小規模企業共済等掛金控除は個人年金や、心身障害者扶養共済制度など中小企業用の共済保険や確定拠出年金の支払いに対しての控除を受ける制度になります。
確定拠出年金とは個人事業主の支払い義務である国民年金とは別の個人型の年金になり、国民年金の支払いに関しては小規模企業共済等掛金控除ではなく社会保険料控除になりますので区別する必要があります。
小規模企業共済等掛金控除は相互扶助団体、または確定拠出年金に支払った掛金が対象になります。
小規模企業共済等掛金控除の対象になる支払とは
小規模企業共済等掛金控除の対象になる支払は、確定拠出年金、中小企業組合などの共済契約の掛金、心身障害者扶養共済の3つの支払いが対象になります。
確定拠出年金とはiDeCo(イデコ)と呼ばれる個人年金のことで、銀行や証券会社などが行っている個人用の資産運用の支払のことです。
中小企業組合などの共済契約は、小規模企業共済法に定められた共済保険の支払いが対象になりますので注意してください。
心身障害者扶養共済制度は、心身障害者が生きているうちに保護者が納付する掛金のことで、保護者が先に亡くなってしまった場合などに、障害者に終身年金として支給される任意で加入できる保険のことで、各市町村の役場や福祉センターなどで取り扱っている共済制度です。
これら3つの支払いは確定申告時に小規模企業共済等掛金控除として申請ができますので、個人事業主は忘れずに申告書に記入しましょう。
小規模企業共済等掛金控除の小規模企業共済とは
小規模企業共済とは個人事業主など従業員数の少ない企業の役員たちからの共済金の積み立てのことで、退職時や病気の時などに積み立てたお金を共済金として支給される企業共済制度のことです。
独立行政法人の中小企業基盤整備機構が管理、運営を行っています。
小規模企業共済の加入条件として、建設、運輸、不動産、農業、小売、そのほかサービスなどの業務を行っている、総従業員数が20人以下の個人事業主が対象になります。
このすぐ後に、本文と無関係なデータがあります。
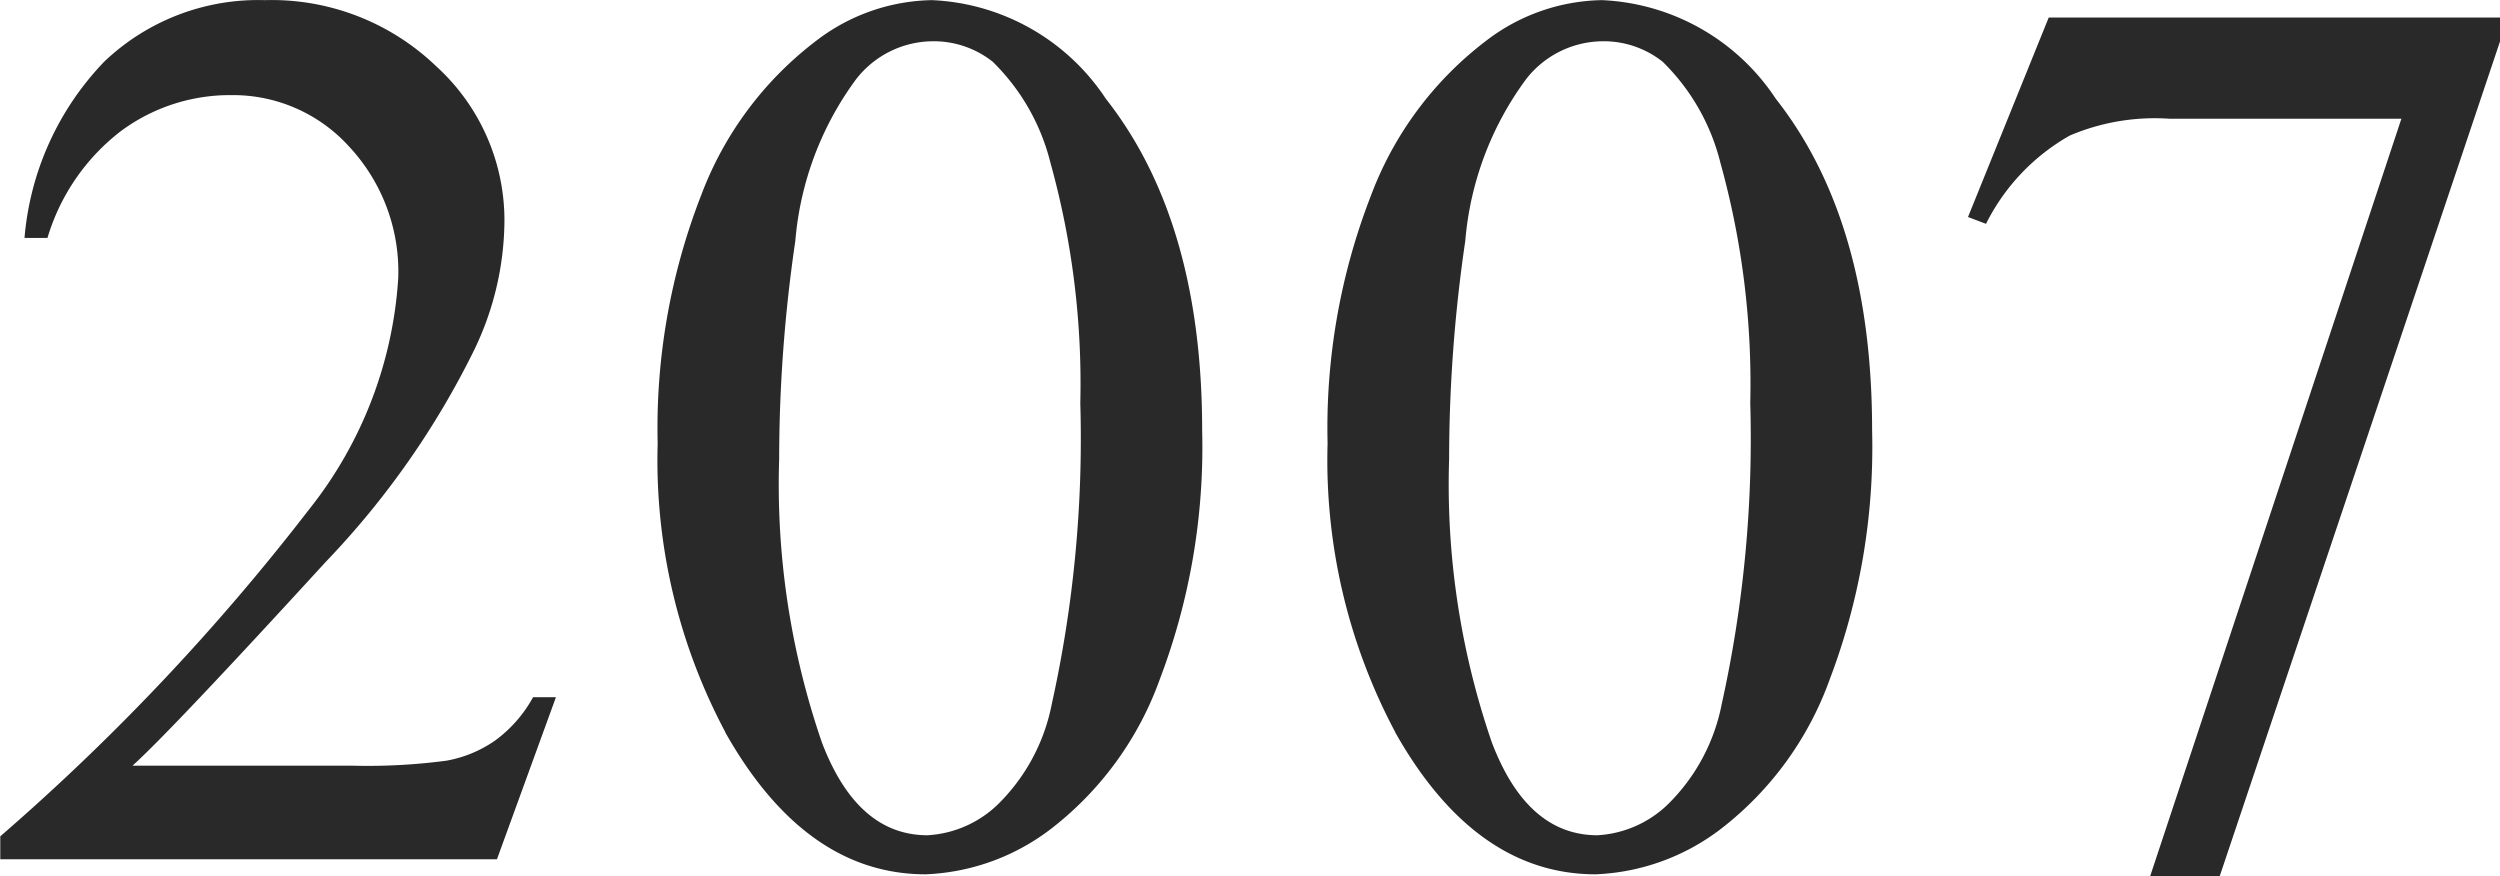<svg xmlns="http://www.w3.org/2000/svg" width="70.781" height="24.813" viewBox="0 0 70.781 24.813"><defs><style>.cls-1{fill:#292929;fill-rule:evenodd}</style></defs><path id="year_2007.svg_year_2007.png" data-name="year_2007.svg, year_2007.png" class="cls-1" d="M31.965 317.369a3.746 3.746 0 0 1-1.072 1.222 3.476 3.476 0 0 1-1.38.571 16.954 16.954 0 0 1-2.663.141h-6.223q1.09-.984 5.467-5.766a23.885 23.885 0 0 0 4.219-6.029 8.508 8.508 0 0 0 .844-3.621 5.894 5.894 0 0 0-1.942-4.395 6.721 6.721 0 0 0-4.843-1.863 6.315 6.315 0 0 0-4.544 1.74 8.176 8.176 0 0 0-2.259 4.992h.65a5.964 5.964 0 0 1 2.065-3.014 5.188 5.188 0 0 1 3.155-1.029 4.43 4.43 0 0 1 3.322 1.459 5.188 5.188 0 0 1 1.389 3.723 11.69 11.69 0 0 1-2.531 6.557 63.544 63.544 0 0 1-8.736 9.246v.65h14.062l1.67-4.588h-.65zm5.441.985q2.268 4.024 5.678 4.025a6.242 6.242 0 0 0 3.577-1.31 9.327 9.327 0 0 0 3.05-4.21 18.5 18.5 0 0 0 1.2-7.048q0-5.923-2.725-9.387a6.222 6.222 0 0 0-4.922-2.795 5.522 5.522 0 0 0-3.269 1.142 9.837 9.837 0 0 0-3.27 4.386 18.16 18.16 0 0 0-1.23 7.023 16.376 16.376 0 0 0 1.916 8.174zm1.986-13.9a8.956 8.956 0 0 1 1.723-4.588 2.766 2.766 0 0 1 2.127-1.072 2.687 2.687 0 0 1 1.74.58 6.042 6.042 0 0 1 1.635 2.865 23.347 23.347 0 0 1 .844 6.8 34.739 34.739 0 0 1-.809 8.525 5.429 5.429 0 0 1-1.547 2.857 3.121 3.121 0 0 1-1.969.852q-1.987 0-2.988-2.619a22.422 22.422 0 0 1-1.213-8.033 42.624 42.624 0 0 1 .457-6.172zm16.982 13.9q2.268 4.024 5.678 4.025a6.242 6.242 0 0 0 3.577-1.31 9.327 9.327 0 0 0 3.05-4.21 18.5 18.5 0 0 0 1.2-7.048q0-5.923-2.725-9.387a6.222 6.222 0 0 0-4.922-2.795 5.522 5.522 0 0 0-3.27 1.142 9.837 9.837 0 0 0-3.27 4.386 18.16 18.16 0 0 0-1.23 7.023 16.376 16.376 0 0 0 1.916 8.174zm1.986-13.9a8.956 8.956 0 0 1 1.723-4.588 2.766 2.766 0 0 1 2.127-1.072 2.687 2.687 0 0 1 1.74.58 6.042 6.042 0 0 1 1.635 2.865 23.347 23.347 0 0 1 .844 6.8 34.739 34.739 0 0 1-.809 8.525 5.429 5.429 0 0 1-1.547 2.857 3.121 3.121 0 0 1-1.969.852q-1.987 0-2.988-2.619a22.422 22.422 0 0 1-1.213-8.033 42.624 42.624 0 0 1 .457-6.172zm14.234-.685l.51.193a5.9 5.9 0 0 1 2.373-2.5 6.149 6.149 0 0 1 2.83-.475h6.557l-7.119 21.463h1.969l7.945-23.66v-.668h-12.78z" transform="translate(-16.875 -297.625)"/></svg>

また、その業種の中でも小売りや卸業などの商業関連、宿泊や娯楽施設などのサービス業関連の企業は、総従業員数が5人以下の個人事業主でも小規模企業共済に加入することができます。
掛金は企業の規模や予算に応じて月に1,000円~70,000円の間で500円単位で選ぶことができ、確定申告時に年間支払額の全額が小規模企業共済等掛金控除で申告することができます。
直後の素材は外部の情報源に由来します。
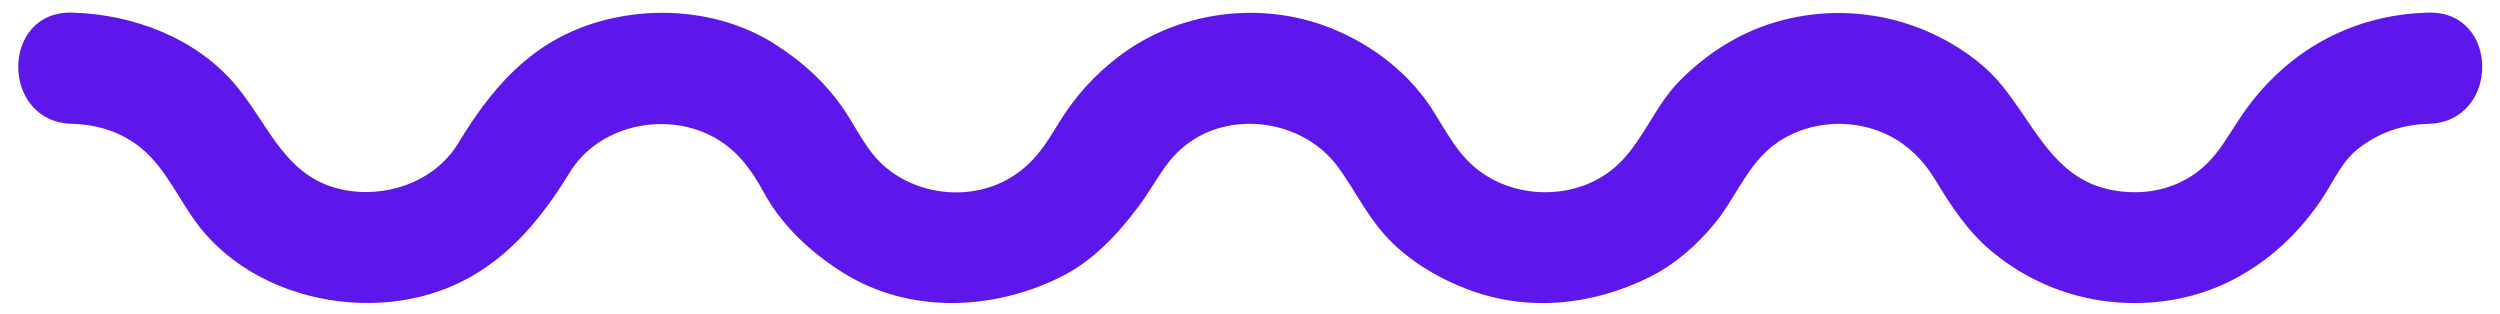 <?xml version="1.0" encoding="UTF-8" standalone="no"?><svg xmlns="http://www.w3.org/2000/svg" xmlns:xlink="http://www.w3.org/1999/xlink" fill="#000000" height="63.7" preserveAspectRatio="xMidYMid meet" version="1" viewBox="86.6 -13.2 507.3 63.7" width="507.3" zoomAndPan="magnify"><g id="change1_1"><path d="M579.392-10.641c-15.801,0.39-29.242,8.04-38.046,21.074c-3.278,4.853-5.216,9.07-10.368,12.278 c-4.937,3.075-10.96,3.76-16.562,2.498c-13.195-2.971-16.196-17.304-25.64-25.213c-11.965-10.022-28.381-13.184-43.222-8.289 c-6.885,2.271-13.031,6.354-18.109,11.482c-4.901,4.95-7.192,11.63-12.035,16.522c-7.752,7.829-21.179,8.046-29.515,1.066 c-4.922-4.122-7.116-10.302-11.14-15.2c-4.945-6.024-11.41-10.506-18.668-13.295c-13.973-5.369-30.504-3.131-42.433,5.95 c-4.966,3.781-8.968,8.208-12.224,13.552c-2.74,4.496-4.97,8.079-9.544,10.927c-7.805,4.859-18.525,3.94-25.537-1.933 c-3.878-3.247-5.665-7.558-8.433-11.653c-3.768-5.578-8.719-10.034-14.413-13.58c-10.85-6.755-25.058-7.791-37.041-3.837 c-12.65,4.173-20.249,13.259-26.921,24.213c-4.84,7.945-14.987,11.266-23.763,9.291c-11.243-2.531-14.529-12.832-21.113-20.85 c-8.045-9.798-21.083-14.695-33.456-15c-14.562-0.36-14.527,22.21,0,22.569c5.177,0.128,10.153,1.667,14.178,5.038 c5.238,4.386,7.835,11.176,12.138,16.418c9.759,11.885,26.659,16.807,41.453,14.228c15.603-2.719,25.346-12.868,33.217-25.787 c5.776-9.483,18.895-12.37,28.535-7.564c5.204,2.594,8.211,6.725,10.928,11.7c3.691,6.755,9.656,12.215,16.119,16.24 c13.405,8.347,30.366,7.625,44.116,0.773c6.504-3.242,11.525-8.626,15.797-14.353c3.815-5.116,5.596-10.066,11.251-13.586 c9.26-5.765,22.491-3.291,29.034,5.482c3.45,4.626,5.761,9.674,9.696,14.037c4.443,4.925,10.473,8.549,16.614,10.908 c12.289,4.721,25.524,3.306,37.154-2.489c5.016-2.5,9.555-6.5,13.089-10.805c3.705-4.513,5.872-9.984,9.981-14.136 c6.515-6.58,17.17-7.83,25.312-3.773c4.044,2.015,7.077,5.092,9.407,8.917c3.298,5.413,6.536,10.446,11.461,14.573 c10.277,8.607,23.727,12.165,36.925,9.865c12.616-2.199,22.971-9.822,30.05-20.302c2.511-3.716,4.023-7.729,7.725-10.546 c4.147-3.156,8.832-4.709,14-4.837C593.919,11.568,593.954-11.001,579.392-10.641L579.392-10.641z" fill="#5e17eb"/></g></svg>

小規模企業共済の支払いは満期が存在せず、支払額はいつでも増減をすることができます。
支払は毎月支払う方法だけではなく、1年分を前倒しでまとめて支払うことも可能で、支払に余裕があるときは1年分まとめて、翌年から毎月支払いにすることも可能です。
中小企業基盤整備機構はこの小規模企業共済のほかに中小規模倒産防止共済、通称経営セーフティ共済も取り扱いがありますが、こちらは確定申告時の小規模企業共済等掛金控除には含まれませんので注意が必要です。
小規模企業共済等掛金控除の対象である確定拠出年金について
確定拠出年金とは、個人事業主に支払いの義務がある国民年金などの公的年金に加えて、老後の備えにするために支払う私的な年金のことで、2001年より始められた制度です。
確定拠出型年金には個人型と企業型の2種類が存在しますが、個人事業主が加入できるのは個人型の年金になります。
この個人型の確定拠出年金であるiDecoは、高齢化社会への備えとして、証券会社や銀行などで取り扱いが活発化してきました。
iDecoは証券会社や銀行などで取り扱われていますが、運営母体は国民年金基金連合会なので信頼性が高く、投資信託など様々な投資商品から選択して運用することができ、複数の運用商品を組み合わせたり、支払っている最中でも運用商品を変更することも可能です。
個人事業主がiDecoの積み立てをする場合、支払額は月に5,000円~68,000円の間で1,000円単位で設定することができますが、国民年金の月額支払額も合わせて上限が68,000円になるので注意しましょう。
またiDeCoは年金保険になりますので、60歳までは本人死亡や障害を負ってしまった時以外は、途中解約ができない仕組みになっています。
さらにiDeCoは国民年金とは違って信託商品で運用されていますので、通常の国民年金よりも高い金利を得られる可能性がある反面、元本割れをしてしまう商材もあるということを知っておく必要があります。
この確定拠出年金の支払いも、その年の1月から12月までに払い込んだ分全額を確定申告時に小規模企業共済等掛金控除として申告することができ、所得控除になりますので節税効果があります。
一般の保険会社が出している個人年金では全額が所得控除にならないので、個人事業主はこの個人型の確定拠出年金、iDeCoを利用して、老後への備えと節税を同時に行っている人が多いのです。